** Problem **
Your response should reproduce every line of the entries that contains the word "panel".
- - -
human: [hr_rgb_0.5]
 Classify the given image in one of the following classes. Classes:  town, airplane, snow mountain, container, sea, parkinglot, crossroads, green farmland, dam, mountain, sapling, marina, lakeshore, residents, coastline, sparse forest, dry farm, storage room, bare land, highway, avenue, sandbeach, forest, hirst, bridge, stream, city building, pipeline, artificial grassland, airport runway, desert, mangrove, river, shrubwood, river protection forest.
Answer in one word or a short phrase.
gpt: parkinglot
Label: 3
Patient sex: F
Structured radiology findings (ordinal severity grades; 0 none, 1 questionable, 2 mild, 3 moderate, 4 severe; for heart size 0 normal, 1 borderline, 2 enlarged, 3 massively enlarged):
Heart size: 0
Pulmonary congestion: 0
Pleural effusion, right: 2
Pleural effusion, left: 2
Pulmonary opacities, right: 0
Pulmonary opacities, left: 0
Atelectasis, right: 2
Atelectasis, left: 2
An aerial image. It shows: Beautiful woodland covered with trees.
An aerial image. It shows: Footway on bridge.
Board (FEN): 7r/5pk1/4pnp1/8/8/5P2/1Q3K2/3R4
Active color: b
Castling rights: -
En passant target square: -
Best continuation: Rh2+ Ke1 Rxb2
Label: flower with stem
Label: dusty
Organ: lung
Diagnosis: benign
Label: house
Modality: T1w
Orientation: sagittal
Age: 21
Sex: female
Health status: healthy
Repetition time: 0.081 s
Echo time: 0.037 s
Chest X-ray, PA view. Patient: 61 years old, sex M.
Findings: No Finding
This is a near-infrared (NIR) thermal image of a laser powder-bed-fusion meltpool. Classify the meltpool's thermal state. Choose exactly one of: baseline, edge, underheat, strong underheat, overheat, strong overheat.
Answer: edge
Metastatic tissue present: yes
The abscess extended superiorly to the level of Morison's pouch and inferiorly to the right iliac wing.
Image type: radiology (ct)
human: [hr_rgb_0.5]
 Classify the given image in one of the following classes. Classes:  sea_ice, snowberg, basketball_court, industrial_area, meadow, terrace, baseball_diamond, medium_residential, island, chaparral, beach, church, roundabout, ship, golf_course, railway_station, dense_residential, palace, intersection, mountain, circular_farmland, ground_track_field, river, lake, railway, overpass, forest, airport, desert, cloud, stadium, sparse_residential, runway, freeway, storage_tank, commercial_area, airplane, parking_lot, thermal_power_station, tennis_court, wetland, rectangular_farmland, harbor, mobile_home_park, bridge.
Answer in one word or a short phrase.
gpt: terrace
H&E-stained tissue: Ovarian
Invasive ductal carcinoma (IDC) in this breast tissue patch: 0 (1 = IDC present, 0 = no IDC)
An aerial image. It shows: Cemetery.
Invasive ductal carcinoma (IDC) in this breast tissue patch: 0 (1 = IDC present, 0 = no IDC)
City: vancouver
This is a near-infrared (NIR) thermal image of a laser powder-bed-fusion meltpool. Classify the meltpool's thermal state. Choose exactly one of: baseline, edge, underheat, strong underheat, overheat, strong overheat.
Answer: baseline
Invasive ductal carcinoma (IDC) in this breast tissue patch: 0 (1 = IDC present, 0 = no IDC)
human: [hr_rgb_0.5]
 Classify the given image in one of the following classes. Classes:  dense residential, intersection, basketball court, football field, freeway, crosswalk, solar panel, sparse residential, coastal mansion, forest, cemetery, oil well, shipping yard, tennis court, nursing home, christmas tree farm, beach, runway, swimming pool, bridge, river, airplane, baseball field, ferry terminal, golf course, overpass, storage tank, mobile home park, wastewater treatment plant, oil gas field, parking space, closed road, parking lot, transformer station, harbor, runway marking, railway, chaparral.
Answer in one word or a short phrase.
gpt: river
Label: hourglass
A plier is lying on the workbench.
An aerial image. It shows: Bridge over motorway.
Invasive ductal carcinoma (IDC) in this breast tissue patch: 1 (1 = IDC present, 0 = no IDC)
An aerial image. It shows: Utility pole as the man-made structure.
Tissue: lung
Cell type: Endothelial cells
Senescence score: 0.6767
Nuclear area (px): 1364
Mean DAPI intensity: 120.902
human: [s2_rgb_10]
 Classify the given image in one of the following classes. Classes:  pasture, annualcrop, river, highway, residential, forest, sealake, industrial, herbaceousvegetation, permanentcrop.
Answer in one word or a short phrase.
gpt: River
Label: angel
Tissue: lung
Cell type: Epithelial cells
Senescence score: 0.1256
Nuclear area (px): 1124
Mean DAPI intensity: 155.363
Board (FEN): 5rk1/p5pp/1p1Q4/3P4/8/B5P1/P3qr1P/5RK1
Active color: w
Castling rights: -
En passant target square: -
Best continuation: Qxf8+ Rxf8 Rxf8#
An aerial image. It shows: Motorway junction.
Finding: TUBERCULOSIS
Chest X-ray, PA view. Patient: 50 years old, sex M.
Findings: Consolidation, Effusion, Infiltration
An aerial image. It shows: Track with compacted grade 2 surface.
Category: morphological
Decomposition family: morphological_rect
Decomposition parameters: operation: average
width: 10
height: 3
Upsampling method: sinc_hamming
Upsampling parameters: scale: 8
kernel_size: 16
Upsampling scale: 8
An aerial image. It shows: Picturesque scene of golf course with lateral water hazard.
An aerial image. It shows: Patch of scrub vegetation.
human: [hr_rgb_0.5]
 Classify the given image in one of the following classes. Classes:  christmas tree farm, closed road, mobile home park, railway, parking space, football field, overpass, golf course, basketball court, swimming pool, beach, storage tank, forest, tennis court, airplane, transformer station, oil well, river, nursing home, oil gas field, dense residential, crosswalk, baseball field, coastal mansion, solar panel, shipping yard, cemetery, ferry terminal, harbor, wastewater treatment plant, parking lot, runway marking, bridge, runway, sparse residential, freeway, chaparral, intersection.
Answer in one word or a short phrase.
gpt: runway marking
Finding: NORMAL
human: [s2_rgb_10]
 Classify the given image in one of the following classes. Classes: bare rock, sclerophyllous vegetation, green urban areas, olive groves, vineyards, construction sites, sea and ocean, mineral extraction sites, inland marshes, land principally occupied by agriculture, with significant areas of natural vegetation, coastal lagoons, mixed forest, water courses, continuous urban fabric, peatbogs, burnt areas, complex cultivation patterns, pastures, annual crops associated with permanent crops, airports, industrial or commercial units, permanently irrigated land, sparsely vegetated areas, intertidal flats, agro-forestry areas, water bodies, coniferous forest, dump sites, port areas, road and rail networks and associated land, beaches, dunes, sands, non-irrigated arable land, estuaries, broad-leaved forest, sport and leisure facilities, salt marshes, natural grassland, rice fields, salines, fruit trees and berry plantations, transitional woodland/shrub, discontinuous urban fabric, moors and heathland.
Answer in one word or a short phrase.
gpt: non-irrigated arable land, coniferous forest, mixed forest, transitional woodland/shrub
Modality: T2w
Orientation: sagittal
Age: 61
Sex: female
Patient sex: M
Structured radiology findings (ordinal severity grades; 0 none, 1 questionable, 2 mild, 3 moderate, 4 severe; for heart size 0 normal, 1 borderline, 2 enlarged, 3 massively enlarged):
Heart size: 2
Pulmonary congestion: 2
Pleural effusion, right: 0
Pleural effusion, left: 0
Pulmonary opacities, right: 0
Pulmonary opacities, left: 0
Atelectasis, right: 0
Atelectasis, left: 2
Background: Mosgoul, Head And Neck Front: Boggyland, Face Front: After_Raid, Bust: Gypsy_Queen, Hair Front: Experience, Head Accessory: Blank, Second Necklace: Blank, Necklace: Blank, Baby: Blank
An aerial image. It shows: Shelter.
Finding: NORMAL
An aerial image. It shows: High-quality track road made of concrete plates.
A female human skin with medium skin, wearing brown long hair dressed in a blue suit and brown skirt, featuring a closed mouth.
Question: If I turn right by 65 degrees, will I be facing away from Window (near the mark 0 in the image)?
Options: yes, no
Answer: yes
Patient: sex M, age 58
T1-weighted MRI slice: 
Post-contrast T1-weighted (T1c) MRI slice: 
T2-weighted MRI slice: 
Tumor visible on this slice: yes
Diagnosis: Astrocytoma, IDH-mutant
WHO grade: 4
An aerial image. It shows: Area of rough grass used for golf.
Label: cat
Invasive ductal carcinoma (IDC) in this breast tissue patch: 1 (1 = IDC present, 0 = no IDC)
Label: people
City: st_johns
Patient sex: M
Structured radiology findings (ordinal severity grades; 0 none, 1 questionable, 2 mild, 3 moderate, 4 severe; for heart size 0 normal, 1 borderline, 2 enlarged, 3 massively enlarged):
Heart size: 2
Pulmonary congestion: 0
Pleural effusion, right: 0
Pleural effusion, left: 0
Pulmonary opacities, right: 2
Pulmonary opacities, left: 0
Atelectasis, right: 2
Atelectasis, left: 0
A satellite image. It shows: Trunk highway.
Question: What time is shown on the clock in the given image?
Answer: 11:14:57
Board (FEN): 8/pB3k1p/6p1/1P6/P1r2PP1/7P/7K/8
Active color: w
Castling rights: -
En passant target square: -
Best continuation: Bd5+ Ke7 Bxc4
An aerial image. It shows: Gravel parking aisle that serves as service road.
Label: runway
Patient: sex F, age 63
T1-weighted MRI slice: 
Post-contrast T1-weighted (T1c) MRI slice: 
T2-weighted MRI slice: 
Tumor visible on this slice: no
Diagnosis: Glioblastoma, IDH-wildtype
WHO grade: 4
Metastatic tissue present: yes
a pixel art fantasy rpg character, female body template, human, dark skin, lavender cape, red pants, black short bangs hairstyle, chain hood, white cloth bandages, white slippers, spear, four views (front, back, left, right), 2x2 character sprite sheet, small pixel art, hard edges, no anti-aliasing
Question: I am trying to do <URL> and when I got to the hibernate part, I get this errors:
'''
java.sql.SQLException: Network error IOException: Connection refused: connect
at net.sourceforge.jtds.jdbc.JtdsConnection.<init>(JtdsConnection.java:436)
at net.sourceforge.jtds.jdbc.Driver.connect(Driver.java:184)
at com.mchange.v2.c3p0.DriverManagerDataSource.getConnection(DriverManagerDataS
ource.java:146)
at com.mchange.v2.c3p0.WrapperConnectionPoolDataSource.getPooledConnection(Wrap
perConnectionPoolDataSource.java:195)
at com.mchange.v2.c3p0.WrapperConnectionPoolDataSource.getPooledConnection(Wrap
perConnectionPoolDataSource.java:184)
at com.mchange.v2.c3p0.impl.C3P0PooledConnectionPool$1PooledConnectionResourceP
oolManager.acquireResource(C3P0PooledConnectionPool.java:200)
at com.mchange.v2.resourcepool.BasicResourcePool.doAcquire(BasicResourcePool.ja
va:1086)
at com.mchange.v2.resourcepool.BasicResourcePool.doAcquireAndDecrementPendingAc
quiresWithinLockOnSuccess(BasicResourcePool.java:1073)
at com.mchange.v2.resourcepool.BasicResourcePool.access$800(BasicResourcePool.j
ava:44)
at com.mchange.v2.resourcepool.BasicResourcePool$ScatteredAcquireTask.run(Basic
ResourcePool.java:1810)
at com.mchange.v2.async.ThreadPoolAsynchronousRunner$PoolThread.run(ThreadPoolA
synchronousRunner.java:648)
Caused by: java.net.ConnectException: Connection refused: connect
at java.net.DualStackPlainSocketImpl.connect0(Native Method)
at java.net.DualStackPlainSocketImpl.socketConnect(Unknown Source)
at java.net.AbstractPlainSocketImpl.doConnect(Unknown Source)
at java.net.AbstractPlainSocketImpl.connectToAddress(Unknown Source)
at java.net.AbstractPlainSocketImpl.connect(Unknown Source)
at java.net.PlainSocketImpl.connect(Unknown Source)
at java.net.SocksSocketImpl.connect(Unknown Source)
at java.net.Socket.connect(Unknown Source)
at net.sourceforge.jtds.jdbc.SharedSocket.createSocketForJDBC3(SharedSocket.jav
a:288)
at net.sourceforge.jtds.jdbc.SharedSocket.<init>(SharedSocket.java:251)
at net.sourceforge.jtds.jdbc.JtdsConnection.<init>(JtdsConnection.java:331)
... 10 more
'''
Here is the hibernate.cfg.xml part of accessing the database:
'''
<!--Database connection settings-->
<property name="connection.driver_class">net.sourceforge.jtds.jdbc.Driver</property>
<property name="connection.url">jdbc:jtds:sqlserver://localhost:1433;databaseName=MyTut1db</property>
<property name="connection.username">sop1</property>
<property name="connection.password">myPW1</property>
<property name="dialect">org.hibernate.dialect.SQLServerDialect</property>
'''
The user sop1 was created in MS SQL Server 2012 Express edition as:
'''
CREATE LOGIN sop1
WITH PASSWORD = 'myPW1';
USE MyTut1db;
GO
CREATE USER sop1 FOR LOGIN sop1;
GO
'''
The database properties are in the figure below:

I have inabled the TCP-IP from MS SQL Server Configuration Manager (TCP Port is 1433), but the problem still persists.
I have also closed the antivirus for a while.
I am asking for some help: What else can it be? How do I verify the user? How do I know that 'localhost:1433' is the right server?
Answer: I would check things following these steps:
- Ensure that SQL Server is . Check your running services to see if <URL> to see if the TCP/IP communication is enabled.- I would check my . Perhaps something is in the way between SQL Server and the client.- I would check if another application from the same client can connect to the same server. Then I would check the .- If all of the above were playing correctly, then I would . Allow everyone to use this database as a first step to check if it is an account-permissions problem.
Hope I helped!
- - -
** Solution for this problem **
 Classify the given image in one of the following classes. Classes:  dense residential, intersection, basketball court, football field, freeway, crosswalk, solar panel, sparse residential, coastal mansion, forest, cemetery, oil well, shipping yard, tennis court, nursing home, christmas tree farm, beach, runway, swimming pool, bridge, river, airplane, baseball field, ferry terminal, golf course, overpass, storage tank, mobile home park, wastewater treatment plant, oil gas field, parking space, closed road, parking lot, transformer station, harbor, runway marking, railway, chaparral.
 Classify the given image in one of the following classes. Classes:  christmas tree farm, closed road, mobile home park, railway, parking space, football field, overpass, golf course, basketball court, swimming pool, beach, storage tank, forest, tennis court, airplane, transformer station, oil well, river, nursing home, oil gas field, dense residential, crosswalk, baseball field, coastal mansion, solar panel, shipping yard, cemetery, ferry terminal, harbor, wastewater treatment plant, parking lot, runway marking, bridge, runway, sparse residential, freeway, chaparral, intersection.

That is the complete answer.